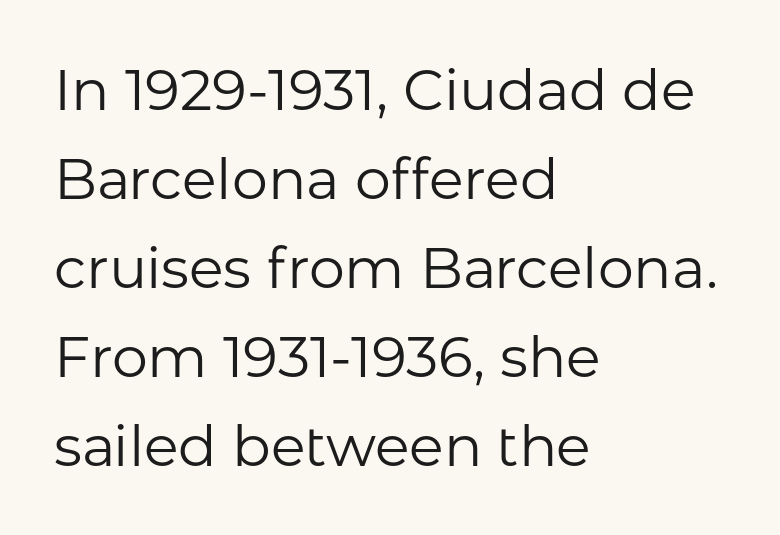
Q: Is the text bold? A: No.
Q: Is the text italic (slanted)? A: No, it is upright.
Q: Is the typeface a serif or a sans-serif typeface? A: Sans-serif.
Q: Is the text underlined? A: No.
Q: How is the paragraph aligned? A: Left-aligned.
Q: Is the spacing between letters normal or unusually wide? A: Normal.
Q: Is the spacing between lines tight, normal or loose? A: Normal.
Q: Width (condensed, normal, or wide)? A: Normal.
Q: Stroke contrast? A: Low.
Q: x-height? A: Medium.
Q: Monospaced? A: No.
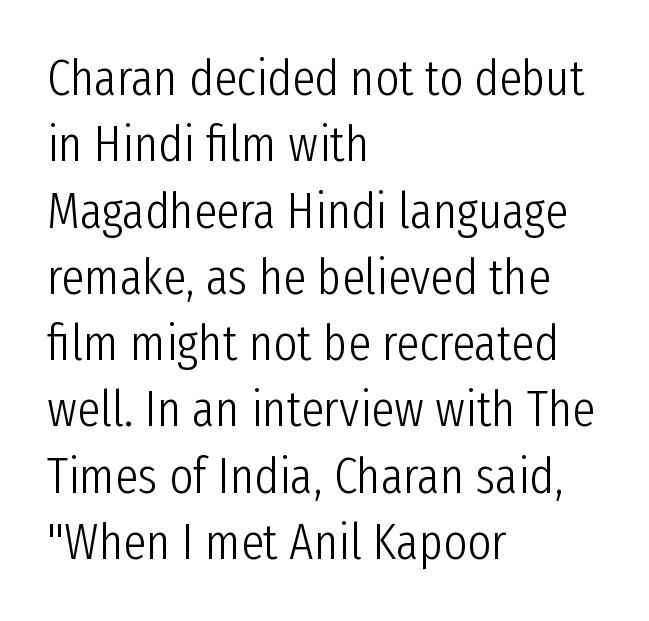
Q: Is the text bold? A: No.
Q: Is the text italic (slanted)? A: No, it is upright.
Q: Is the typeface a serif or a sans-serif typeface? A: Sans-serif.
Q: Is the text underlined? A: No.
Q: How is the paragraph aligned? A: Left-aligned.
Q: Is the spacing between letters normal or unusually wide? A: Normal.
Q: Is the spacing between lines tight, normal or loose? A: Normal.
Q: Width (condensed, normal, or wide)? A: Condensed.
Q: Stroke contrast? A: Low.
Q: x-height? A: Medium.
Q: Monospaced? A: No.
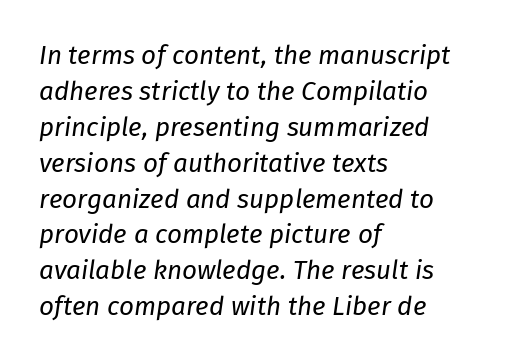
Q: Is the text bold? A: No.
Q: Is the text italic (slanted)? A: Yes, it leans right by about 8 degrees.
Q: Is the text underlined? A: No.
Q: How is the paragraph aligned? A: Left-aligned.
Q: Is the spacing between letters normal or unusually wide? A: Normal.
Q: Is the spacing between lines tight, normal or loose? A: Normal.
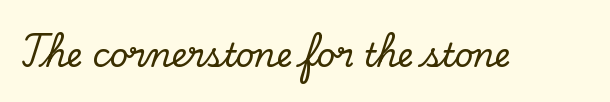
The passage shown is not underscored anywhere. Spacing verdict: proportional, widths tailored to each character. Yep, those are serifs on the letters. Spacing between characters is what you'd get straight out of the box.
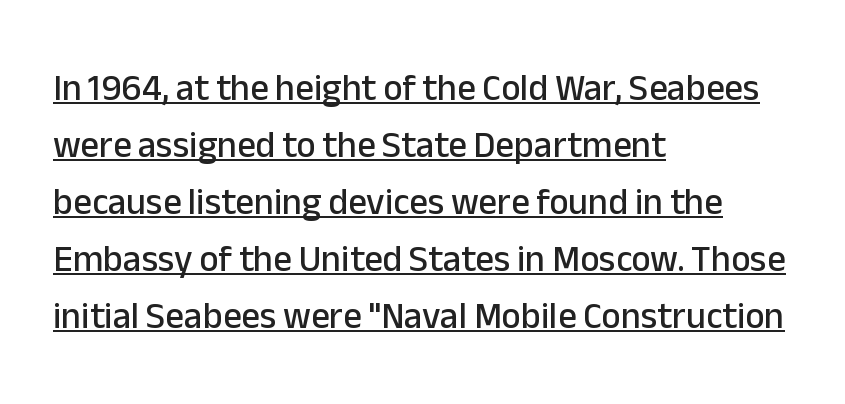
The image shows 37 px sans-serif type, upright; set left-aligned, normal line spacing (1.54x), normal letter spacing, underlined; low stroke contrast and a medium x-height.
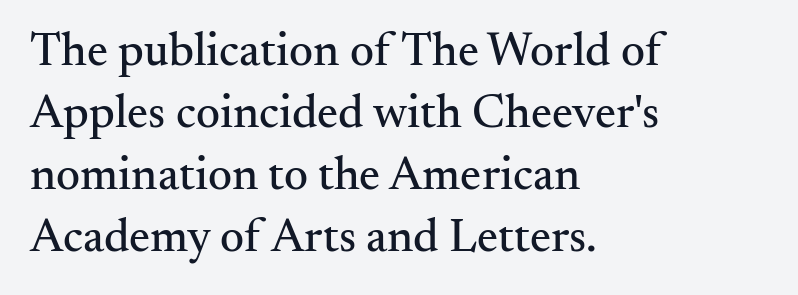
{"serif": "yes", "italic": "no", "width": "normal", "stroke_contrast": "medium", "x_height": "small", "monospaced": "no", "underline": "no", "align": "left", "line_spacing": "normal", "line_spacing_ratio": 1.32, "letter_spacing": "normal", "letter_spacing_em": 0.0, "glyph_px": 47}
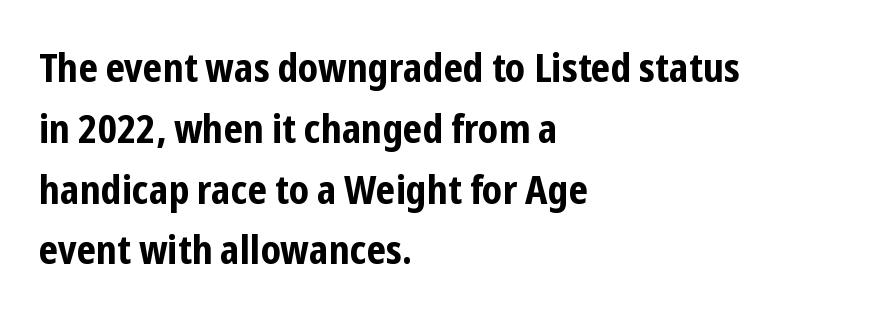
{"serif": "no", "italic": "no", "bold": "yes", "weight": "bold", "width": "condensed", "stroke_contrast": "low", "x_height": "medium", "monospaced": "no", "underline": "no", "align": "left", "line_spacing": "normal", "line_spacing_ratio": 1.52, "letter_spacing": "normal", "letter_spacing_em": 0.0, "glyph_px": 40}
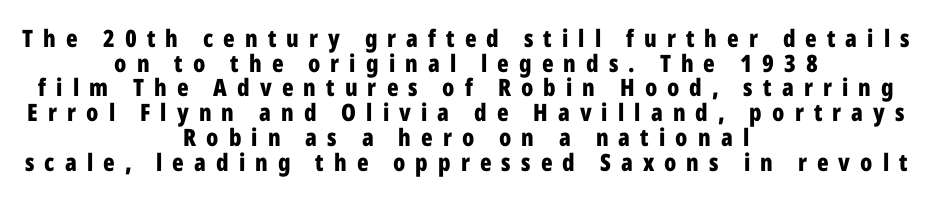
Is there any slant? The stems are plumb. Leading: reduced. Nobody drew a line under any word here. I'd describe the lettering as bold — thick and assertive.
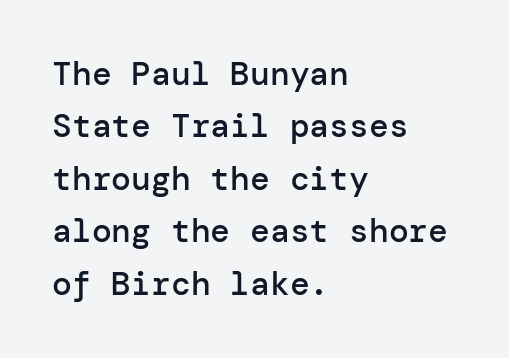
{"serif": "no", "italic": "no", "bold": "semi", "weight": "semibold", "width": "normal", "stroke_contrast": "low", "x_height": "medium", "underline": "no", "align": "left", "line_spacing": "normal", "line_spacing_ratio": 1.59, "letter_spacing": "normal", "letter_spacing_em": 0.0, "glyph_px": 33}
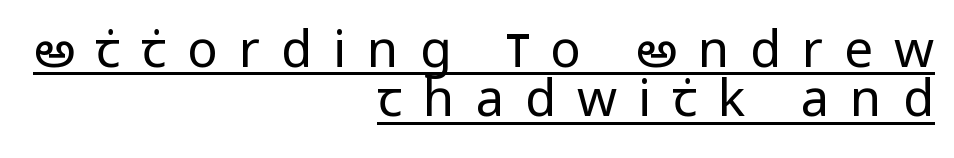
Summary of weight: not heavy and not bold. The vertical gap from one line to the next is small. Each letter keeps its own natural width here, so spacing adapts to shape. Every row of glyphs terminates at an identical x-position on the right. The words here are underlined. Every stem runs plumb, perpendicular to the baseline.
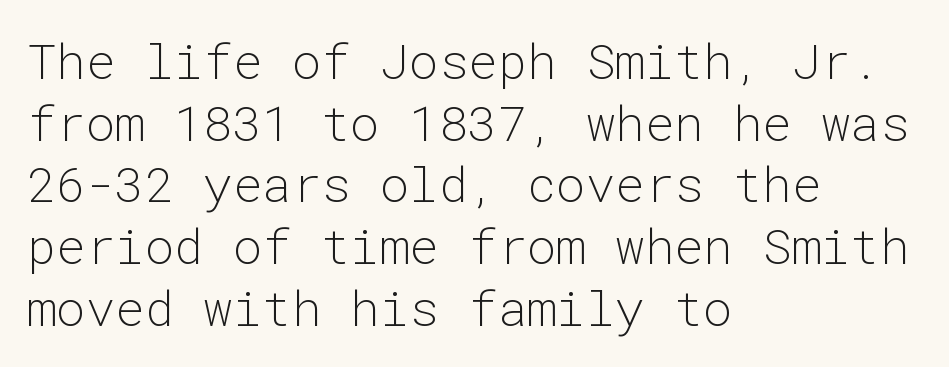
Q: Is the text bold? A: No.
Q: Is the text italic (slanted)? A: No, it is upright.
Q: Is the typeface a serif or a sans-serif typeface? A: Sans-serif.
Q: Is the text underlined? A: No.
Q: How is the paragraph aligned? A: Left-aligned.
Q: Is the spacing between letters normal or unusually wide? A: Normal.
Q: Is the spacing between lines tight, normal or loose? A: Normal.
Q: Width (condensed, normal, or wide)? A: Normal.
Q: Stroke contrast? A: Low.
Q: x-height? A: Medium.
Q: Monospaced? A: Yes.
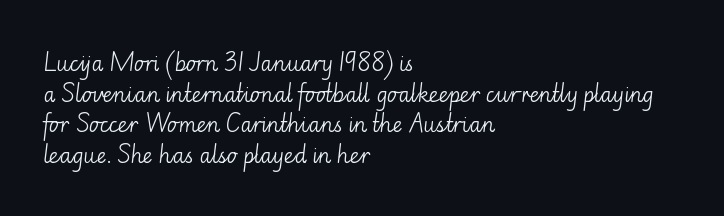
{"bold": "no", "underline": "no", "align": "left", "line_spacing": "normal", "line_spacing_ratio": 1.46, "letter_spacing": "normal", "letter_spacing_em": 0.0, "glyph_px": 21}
---
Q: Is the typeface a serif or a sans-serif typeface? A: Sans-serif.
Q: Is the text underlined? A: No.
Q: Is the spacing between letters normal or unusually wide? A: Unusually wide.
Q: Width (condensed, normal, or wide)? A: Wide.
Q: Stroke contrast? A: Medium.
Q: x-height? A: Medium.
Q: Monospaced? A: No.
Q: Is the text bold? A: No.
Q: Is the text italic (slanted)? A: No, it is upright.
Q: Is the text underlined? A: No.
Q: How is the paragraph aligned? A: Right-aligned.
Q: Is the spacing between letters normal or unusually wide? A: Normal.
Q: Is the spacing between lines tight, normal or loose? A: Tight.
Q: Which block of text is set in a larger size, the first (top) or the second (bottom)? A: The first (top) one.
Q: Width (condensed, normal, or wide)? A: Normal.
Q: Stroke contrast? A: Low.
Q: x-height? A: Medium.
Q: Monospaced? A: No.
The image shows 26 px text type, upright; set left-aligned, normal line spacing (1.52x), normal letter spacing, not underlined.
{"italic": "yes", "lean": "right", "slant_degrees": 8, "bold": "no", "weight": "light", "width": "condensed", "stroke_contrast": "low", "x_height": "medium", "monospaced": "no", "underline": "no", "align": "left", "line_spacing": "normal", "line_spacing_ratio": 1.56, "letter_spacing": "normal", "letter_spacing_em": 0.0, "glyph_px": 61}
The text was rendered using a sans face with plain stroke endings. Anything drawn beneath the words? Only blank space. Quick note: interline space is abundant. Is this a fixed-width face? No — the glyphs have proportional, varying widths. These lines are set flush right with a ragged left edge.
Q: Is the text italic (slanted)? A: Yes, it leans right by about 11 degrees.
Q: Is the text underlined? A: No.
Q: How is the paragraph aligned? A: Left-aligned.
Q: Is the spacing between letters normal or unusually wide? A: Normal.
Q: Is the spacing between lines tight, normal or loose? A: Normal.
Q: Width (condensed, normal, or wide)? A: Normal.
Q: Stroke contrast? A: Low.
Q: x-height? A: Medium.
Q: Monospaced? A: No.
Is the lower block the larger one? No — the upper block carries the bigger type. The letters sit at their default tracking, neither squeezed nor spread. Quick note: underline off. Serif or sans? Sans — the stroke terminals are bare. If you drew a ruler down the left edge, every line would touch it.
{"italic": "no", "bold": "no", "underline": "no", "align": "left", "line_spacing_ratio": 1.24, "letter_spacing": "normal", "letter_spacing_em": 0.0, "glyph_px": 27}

▶ _Exercise brief_:
Check the listing above for lines containing the string "about", and copy each one.

▶ _Answer space_:
Q: Is the text italic (slanted)? A: Yes, it leans right by about 8 degrees.
Q: Is the text italic (slanted)? A: Yes, it leans right by about 11 degrees.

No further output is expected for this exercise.